Regina Coeli

Rainha dos céus alegrai-vos, Aleluia, porque aquele que mereceste trazer em vosso seio, ressuscitou como disse, Aleluia. Rogai por nós a Deus, Aleluia.

ORAÇÃO PARA COMUNGAR POR MEIO DA SANTÍSSIMA VIRGEM
(Conforme S.Luís Mª Grignion de Montfort)


Virgem Maria, Santíssima Mãe de Nosso Senhor JESUS CRISTO,  saúdo-vos com devoção e reverência.

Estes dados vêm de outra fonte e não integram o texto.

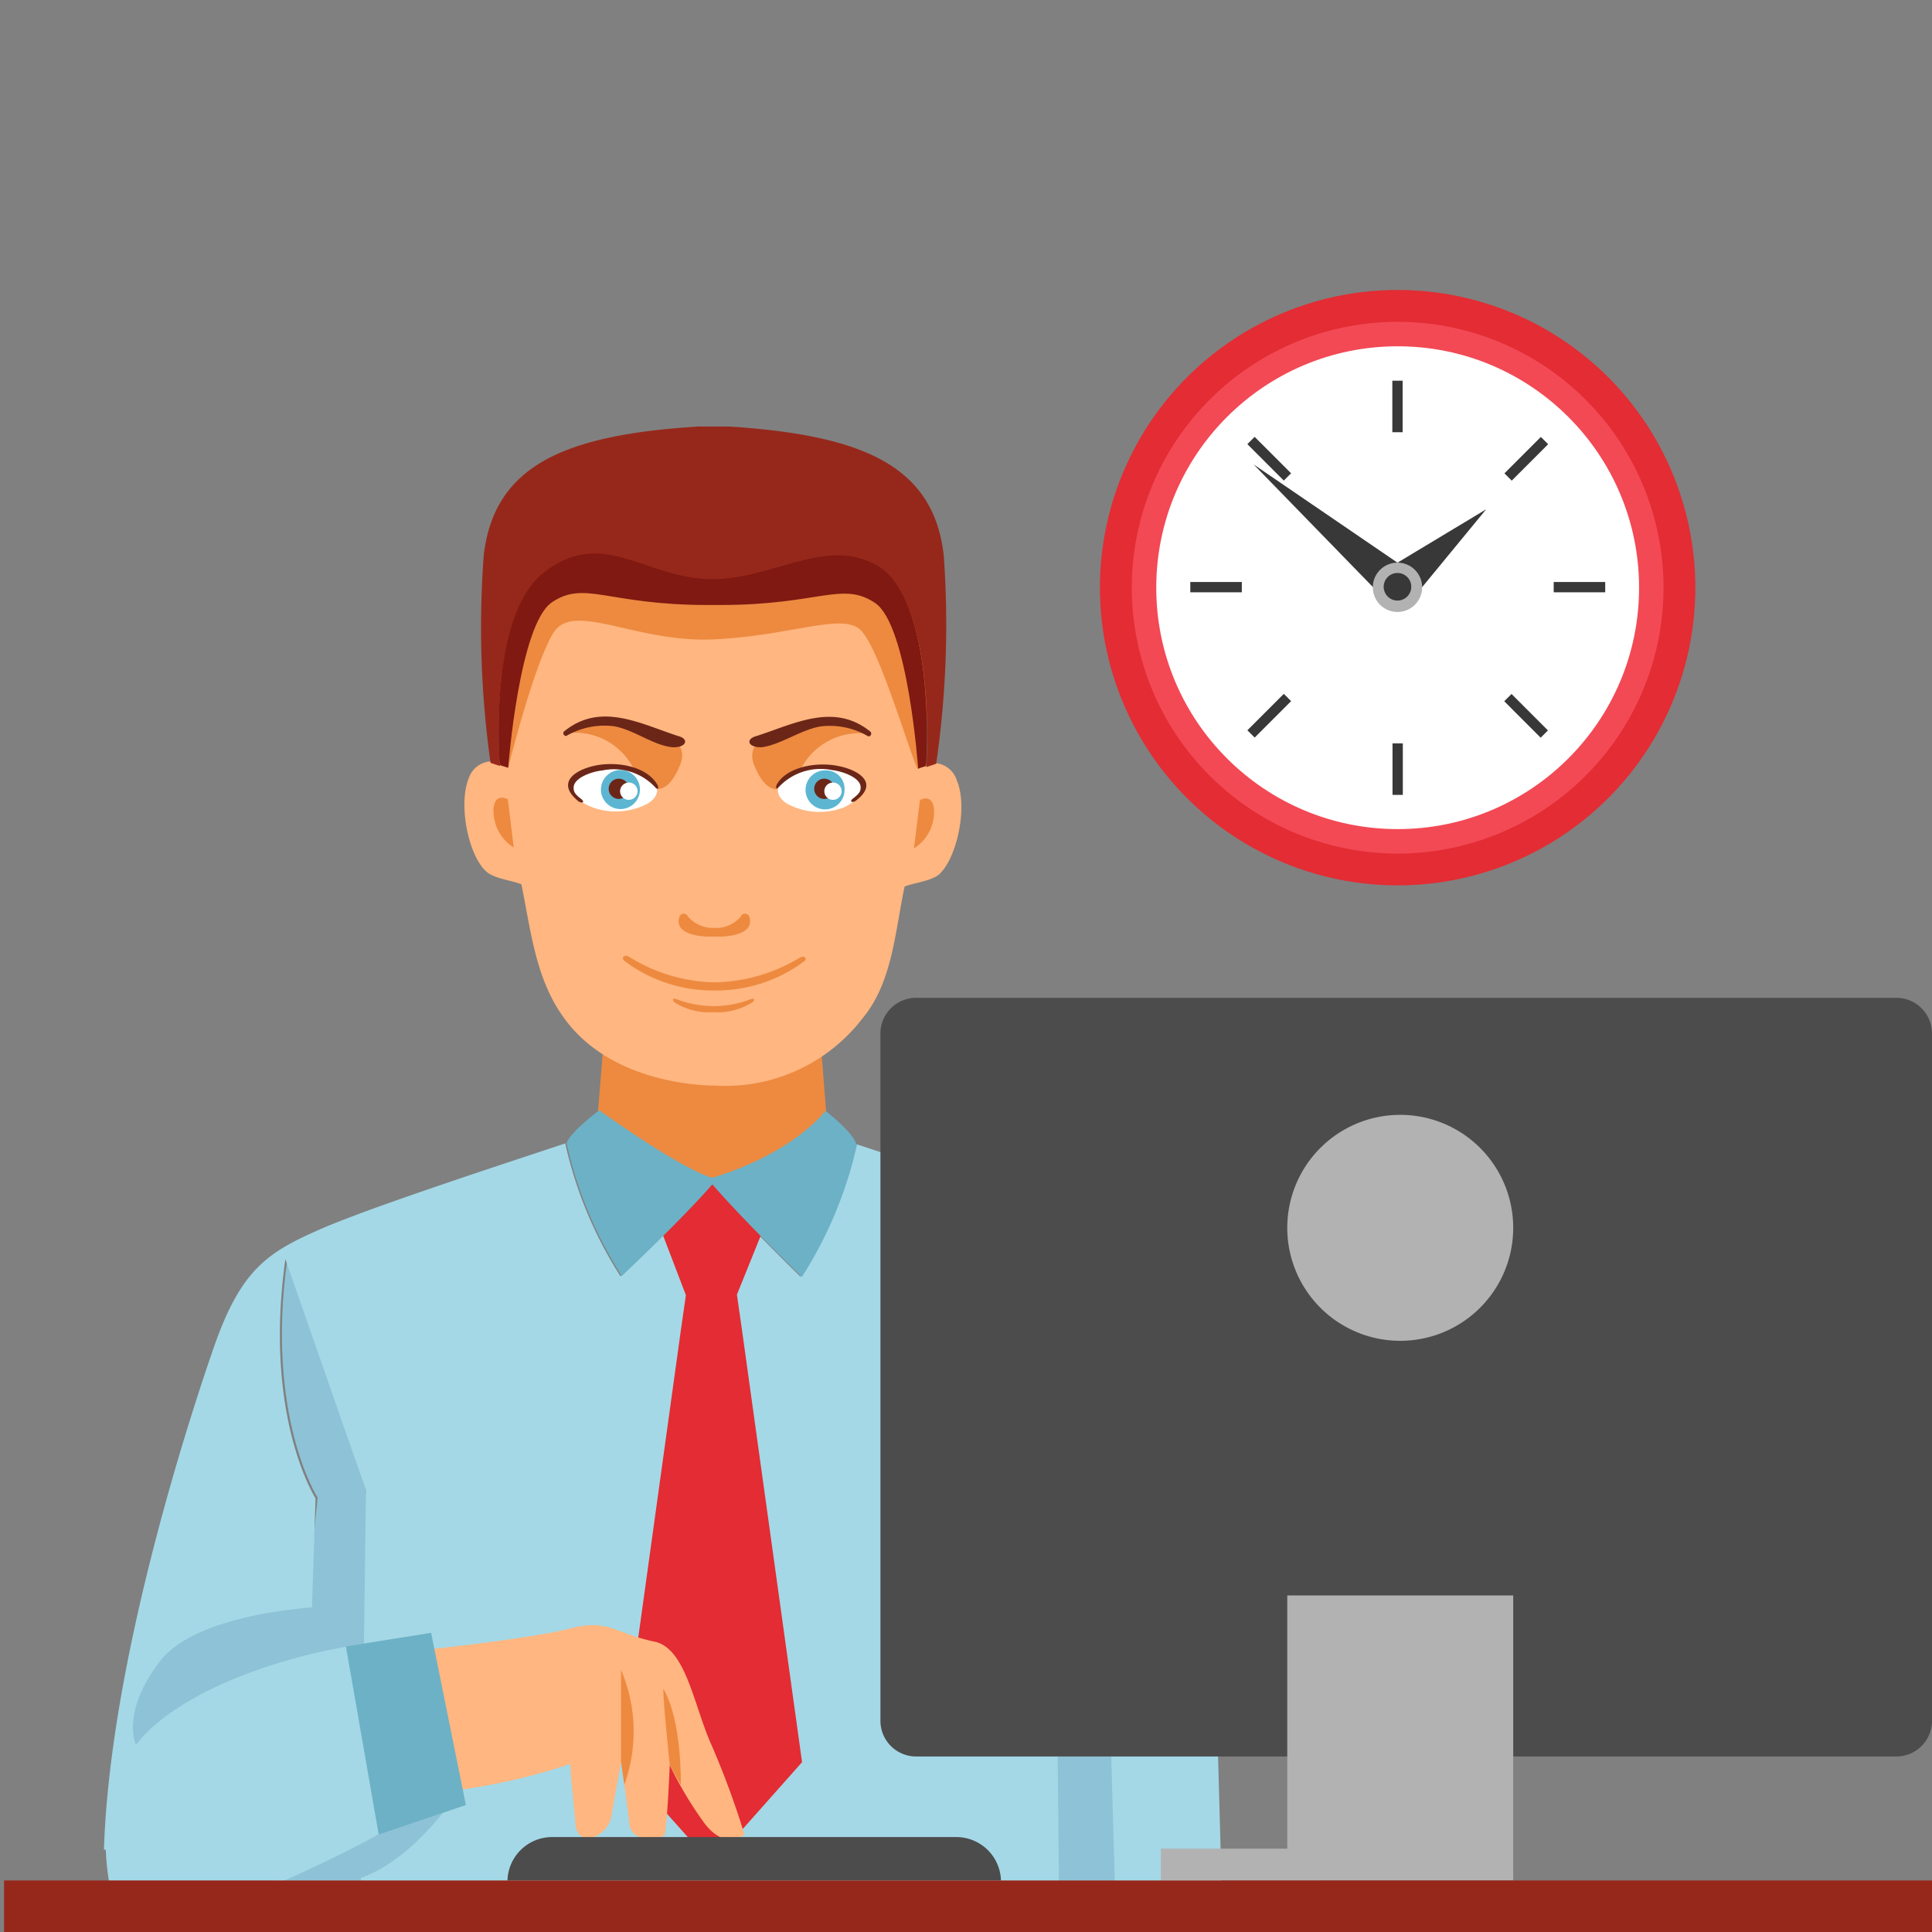 <svg xmlns="http://www.w3.org/2000/svg" viewBox="0 0 105 105"><rect x="0" y="0" width="105" height="105" fill="#808080" stroke="none"/><title>p3h1</title><g id="contenido"><path d="M45,61.72l-.47-6-5.7.46-5.94-.56-.49,6a8.46,8.46,0,0,0,6.35,2.83h.12A7.75,7.75,0,0,0,45,61.72Z" fill="#ed8a40"/><path d="M52,42.41a1.34,1.34,0,0,0-2.14-.63C50.07,40.7,51.73,30,46.6,27c-2.69-1.53-6.48-1.59-7.8-1.58v-.07c-.38,0-4.64-.17-7.82,1.62-5.15,2.89-3.53,13.64-3.36,14.72a1.35,1.35,0,0,0-2.15.62c-.58,1.45,0,4.26,1,5.09.46.38,1.53.48,1.87.67.5,2.47.77,5.09,2.24,7.15C33,58.72,37.75,59,38.88,59a9.39,9.39,0,0,0,8-3.66c1.62-1.95,1.76-4.68,2.28-7.15.33-.18,1.4-.28,1.87-.66C52,46.66,52.62,43.86,52,42.41Z" fill="#ffb680"/><path d="M27.6,43.44l.32,2.62a2.32,2.32,0,0,1-1.08-1.71C26.74,43.62,27,43.15,27.6,43.44Z" fill="#ed8a40"/><path d="M50,43.48l-.33,2.63a2.35,2.35,0,0,0,1.08-1.71C50.84,43.67,50.58,43.19,50,43.48Z" fill="#ed8a40"/><path d="M42.11,39.85c1.15-.43,2.8-1,3.94-.44a.1.1,0,0,1,0,.15,1.94,1.94,0,0,1,.92.3s0,0,0,0a3.56,3.56,0,0,0-3.39,1.83c-.25.56-1.55,2.46-2.59-.1C40.6,40.59,41.32,40.14,42.11,39.85Z" fill="#ed8a40"/><path d="M46.78,42.31a3.47,3.47,0,0,0-3.55-.41h0c-.9.33-1.38,1.2-.45,1.78a3.69,3.69,0,0,0,3.06.21C46.31,43.68,47.45,43,46.78,42.31Z" fill="#fff"/><path d="M45.9,42.93a1.06,1.06,0,1,1-1-1.06A1,1,0,0,1,45.9,42.93Z" fill="#5db6d1"/><path d="M45.35,42.87a.55.55,0,0,1-.55.55.55.55,0,0,1,0-1.1A.55.55,0,0,1,45.35,42.87Z" fill="#6b2618"/><path d="M45.74,43a.47.47,0,1,1-.47-.47A.47.47,0,0,1,45.74,43Z" fill="#fff"/><path d="M45.45,41.61c-1.14-.2-2.67.08-3.22,1-.09.16-.06.34.1.16a3.12,3.12,0,0,1,2.88-.92c.61.07,1.64.44,1.56,1,0,.16-.1.31-.39.53s0,.28.19.09C47.78,42.52,46.62,41.81,45.45,41.61Z" fill="#6b2618"/><path d="M41.12,40c2.05-.66,4.2-1.84,6.18-.24.12.1,0,.31-.13.25a4.1,4.1,0,0,0-2.58-.53c-1.09.19-2.17,1-3.19,1.13C40.66,40.64,40.48,40.17,41.12,40Z" fill="#6b2618"/><path d="M35.86,39.83c-1.16-.43-2.8-1-3.95-.45a.1.1,0,0,0,0,.15,1.94,1.94,0,0,0-.92.3s0,0,0,0a3.57,3.57,0,0,1,3.39,1.84c.24.57,1.53,2.47,2.58-.09C37.36,40.59,36.64,40.13,35.86,39.83Z" fill="#ed8a40"/><path d="M31.17,42.28a3.47,3.47,0,0,1,3.55-.4s0,0,.05,0c.89.34,1.37,1.21.44,1.79a3.72,3.72,0,0,1-3.06.19C31.63,43.65,30.5,43,31.17,42.28Z" fill="#fff"/><path d="M32.66,42.91a1.06,1.06,0,1,0,1.06-1.06A1.06,1.06,0,0,0,32.66,42.91Z" fill="#5db6d1"/><path d="M33.08,42.87a.55.55,0,0,0,.55.55.56.56,0,0,0,.55-.55.55.55,0,0,0-.55-.55A.55.55,0,0,0,33.08,42.87Z" fill="#6b2618"/><path d="M33.7,43a.47.47,0,0,0,.47.47.48.48,0,0,0,.48-.47.47.47,0,0,0-.47-.47A.48.48,0,0,0,33.7,43Z" fill="#fff"/><path d="M32.5,41.58c1.15-.19,2.67.1,3.22,1.06.09.15.06.33-.1.16a3.06,3.06,0,0,0-2.87-.93c-.61.06-1.65.43-1.57,1,0,.17.1.32.39.54s0,.28-.19.09C30.18,42.48,31.34,41.78,32.5,41.58Z" fill="#6b2618"/><path d="M36.85,40c-2.06-.67-4.2-1.86-6.18-.26-.13.09,0,.3.12.25a4.12,4.12,0,0,1,2.58-.52c1.09.19,2.17,1.06,3.19,1.14C37.3,40.64,37.48,40.16,36.85,40Z" fill="#6b2618"/><path d="M27.62,41.73s1.38-5.6,2.46-7.34,4.47.55,8.68.36,7-1.46,8-.52,2.53,6.25,3.1,7.55c.48.19.45-2.78.71-5.34.2-2,.55-3.77-1.69-5.61C43.78,26.61,35.23,27.93,35,28s3.74.08-1.2.27-6.62,3.59-6.89,6.53A26,26,0,0,0,27.62,41.73Z" fill="#ed8a40"/><path d="M51.29,30.18c-.55-4.86-4.39-6.53-11.66-7l-.83,0h0l-.83,0c-7.27.45-11.11,2.1-11.68,7a52.71,52.71,0,0,0,.37,11.28l.51.17c-.11-1.61-.37-8.3,2.39-10.46,3.14-2.46,5.41.21,8.88.35s6.42-2.39,9.28-.71c2.68,1.56,2.79,8.31,2.62,10.88l.54-.18A52.65,52.65,0,0,0,51.29,30.18Z" fill="#96281b"/><path d="M47.71,30.76c-2.86-1.68-5.81.85-9.28.71s-5.74-2.81-8.88-.35c-2.76,2.16-2.5,8.85-2.39,10.46l.46.15s.59-7.8,2.38-9,3,.14,8.39.15h.77c5.36,0,6.61-1.31,8.4-.11s2.34,9,2.34,9l.43-.14C50.5,39.07,50.39,32.32,47.71,30.76Z" fill="#7f1911"/><path d="M40.72,49.81a.25.25,0,0,0-.46,0,1.74,1.74,0,0,1-1.43.62,1.78,1.78,0,0,1-1.44-.62.25.25,0,0,0-.46,0c-.29.86.81,1.05,1.43,1.09h.93C39.91,50.86,41,50.67,40.72,49.81Z" fill="#ed8a40"/><path d="M43.46,52.05a9.24,9.24,0,0,1-4.64,1.34A9.11,9.11,0,0,1,34.19,52c-.27-.16-.47.07-.22.25a8,8,0,0,0,4.77,1.58h.15a8,8,0,0,0,4.78-1.56C43.92,52.12,43.73,51.89,43.46,52.05Z" fill="#ed8a40"/><path d="M40.81,54.3a5.55,5.55,0,0,1-2,.38h-.05a5.67,5.67,0,0,1-2-.38c-.3-.09-.19.14,0,.24a3.5,3.5,0,0,0,2,.47,3.54,3.54,0,0,0,2-.46C41,54.45,41.1,54.22,40.81,54.3Z" fill="#ed8a40"/><path d="M15.2,102.42h5.38C20.3,92.32,19.89,81,19.89,81L15.62,68.39c-1.21,8.59,1.64,13,1.64,13Z" fill="#8ec2d7"/><path d="M59.84,102.42h6.55c-.29-10.56-.72-26.28-.8-28.92-.11-4-3-5.37-5.94-6.69-.49-.21-1.18-.48-2-.79-1.35-.5-3.05-1.1-4.72-1.68-2.72-.94-5.38-1.83-6.43-2.17l0,0a22.39,22.39,0,0,1-3,7.21s-3.16-3.06-4.88-5.1h0c-1.72,2-4.9,5.08-4.9,5.08a22.39,22.39,0,0,1-3-7.22v0c-1,.34-3.71,1.22-6.44,2.15-1.67.57-3.37,1.16-4.72,1.66-.81.31-1.5.57-2,.79-3,1.3-4.48,2.2-6,6.66-1,2.9-5.58,16.55-5.91,27.12l10.8,1.91.7-21s-2.85-4.42-1.64-13L19.89,81s-.15,11.33-.28,21.38H59c-.7-9.94-1.66-21.3-1.66-21.3l4.32-12.63c1.17,8.59-1.7,13-1.7,13Z" fill="#a4d8e6"/><polygon points="40.34 72.39 40.05 70.36 41.52 66.72 38.71 64.2 38.71 64.17 38.7 64.19 38.69 64.17 38.69 64.2 35.87 66.71 37.27 70.37 37.28 70.37 36.99 72.39 33.75 95.77 38.68 101.3 43.59 95.77 40.34 72.39" fill="#e32c33"/><path d="M46.53,62.17c-.16-.63-1.67-1.8-1.67-1.8s-1.7,2.32-6.28,3.68h0v.16h0c1.7,2,5,5.19,5,5.19a22.39,22.39,0,0,0,3-7.21Z" fill="#6db1c6"/><path d="M38.68,64c-1.8-.54-6.11-3.66-6.11-3.66S31,61.51,30.79,62.13v0a22.39,22.39,0,0,0,3,7.22s3.2-3,4.94-5Z" fill="#6db1c6"/><path d="M60.59,102.42,60,81.48s2.87-4.4,1.7-13L57.35,81.12s.1,11.27.2,21.3Z" fill="#8ec2d7"/><path d="M21.49,89.84s7.15-.72,9.47-1.33c2.1-.55,2.42.25,4.61.71,1.72.36,2.14,3.5,3.1,5.62a46.31,46.31,0,0,1,1.79,4.86s-1,.91-2.16-.59a20.16,20.16,0,0,1-1.9-3.18s-.15,3.48-.28,3.77-1.81.52-1.92-.59-.45-3.34-.45-3.34-.38,2.17-.54,3c-.21,1.07-1.82,1.7-1.93.38S31,96.54,31,95.87a33.88,33.88,0,0,1-8.92,1.68C21.7,96,21.49,89.84,21.49,89.84Z" fill="#ffb680"/><path d="M17.89,87.3s-7.07.19-9.21,3-1.29,4.53-1.29,4.53L18.9,89.73Z" fill="#8ec2d7"/><path d="M16.82,102.22l5.79-3.11L22,89.25C19.81,89,12,90.51,8.27,93.88c-3,2.7-2.61,6.82-2.35,8.34Z" fill="#a4d8e6"/><path d="M19.14,102.2c2.92-.71,5.29-4.16,5.29-4.16l-3,1.11s-1,.81-6,3.07C15.58,103.13,17.91,102.49,19.14,102.2Z" fill="#8ec2d7"/><polygon points="25.32 98.1 20.58 99.7 18.8 89.48 23.43 88.74 25.32 98.1" fill="#6db1c6"/><path d="M36.07,91.81c-.12-.22.33,4.12.33,4.12L37,97S37.08,93.59,36.07,91.81Z" fill="#ed8a40"/><path d="M33.75,90.75v5L33.93,97A8.52,8.52,0,0,0,33.75,90.75Z" fill="#ed8a40"/><circle cx="75.96" cy="31.94" r="16.18" transform="translate(-6.43 30.42) rotate(-21.75)" fill="#e32c33"/><path d="M90.41,31.94A14.45,14.45,0,1,1,76,17.49,14.45,14.45,0,0,1,90.41,31.94Z" fill="#f24955"/><circle cx="75.96" cy="31.94" r="13.12" fill="#fff"/><polygon points="74.62 31.91 68.13 25.24 75.95 30.58 74.62 31.91" fill="#383838"/><polygon points="77.29 31.91 80.77 27.68 75.95 30.58 77.29 31.91" fill="#383838"/><path d="M77.29,31.91A1.34,1.34,0,1,1,76,30.58,1.34,1.34,0,0,1,77.29,31.91Z" fill="#b2b2b2"/><rect x="75.67" y="20.69" width="0.56" height="2.8" fill="#383838"/><rect x="75.68" y="40.4" width="0.56" height="2.8" fill="#383838"/><rect x="65.81" y="30.52" width="0.56" height="2.8" transform="translate(34.17 98) rotate(-90)" fill="#383838"/><rect x="85.56" y="30.52" width="0.56" height="2.8" transform="translate(53.92 117.75) rotate(-90)" fill="#383838"/><rect x="68.7" y="23.53" width="0.56" height="2.8" transform="translate(2.58 56.09) rotate(-45.01)" fill="#383838"/><rect x="82.66" y="37.5" width="0.56" height="2.8" transform="translate(-3.23 70) rotate(-44.97)" fill="#383838"/><rect x="68.7" y="37.5" width="0.56" height="2.8" transform="translate(90.25 115.18) rotate(-135)" fill="#383838"/><rect x="82.66" y="23.53" width="0.56" height="2.8" transform="translate(123.97 101.21) rotate(-135)" fill="#383838"/><circle cx="75.95" cy="31.89" r="0.75" fill="#383838"/><path d="M103,54.23H49.85a1.94,1.94,0,0,0-2,1.89V93.57a1.94,1.94,0,0,0,2,1.89H103a1.94,1.94,0,0,0,2-1.89V56.12A1.94,1.94,0,0,0,103,54.23Z" fill="#4c4c4c"/><rect x="69.96" y="86.71" width="12.28" height="15.48" fill="#b2b2b2"/><rect x="63.09" y="100.47" width="8.59" height="1.73" fill="#b2b2b2"/><path d="M82.24,66.73a6.14,6.14,0,1,1-6.14-6.14A6.14,6.14,0,0,1,82.24,66.73Z" fill="#b2b2b2"/><path d="M54.4,102.2A2.43,2.43,0,0,0,52,99.84h-22a2.43,2.43,0,0,0-2.42,2.36Z" fill="#4c4c4c"/><rect x="0.22" y="102.2" width="104.78" height="2.8" fill="#96281b"/></g></svg>

Proclamo-vos Senhora do meu destino e Rainha do meu coração.


Eu vos amo com toda a ternura do meu ser.


Venha hospedar-vos em minha casa, como hospedastes na casa de São João. Ficai sempre em meu coração, como estais no Coração de JESUS, Vosso adorável divino Filho.


Recebei a Jesus Cristo por mim, pois minha alma suspira pelo seu Sacratíssimo Corpo, meu coração deseja ardentemente estar unido a Ele. Quero sempre recebê-Lo com amor e adoração, para alcançar a salvação e a santificação. Vosso Divino Filho é a suave e santa refeição da minha alma. Amém.

Salve Maria!Postando aqui uma série de textos Marianos de Santo Agostinho lindos sobre A Virgem Santíssima. Boa leitura!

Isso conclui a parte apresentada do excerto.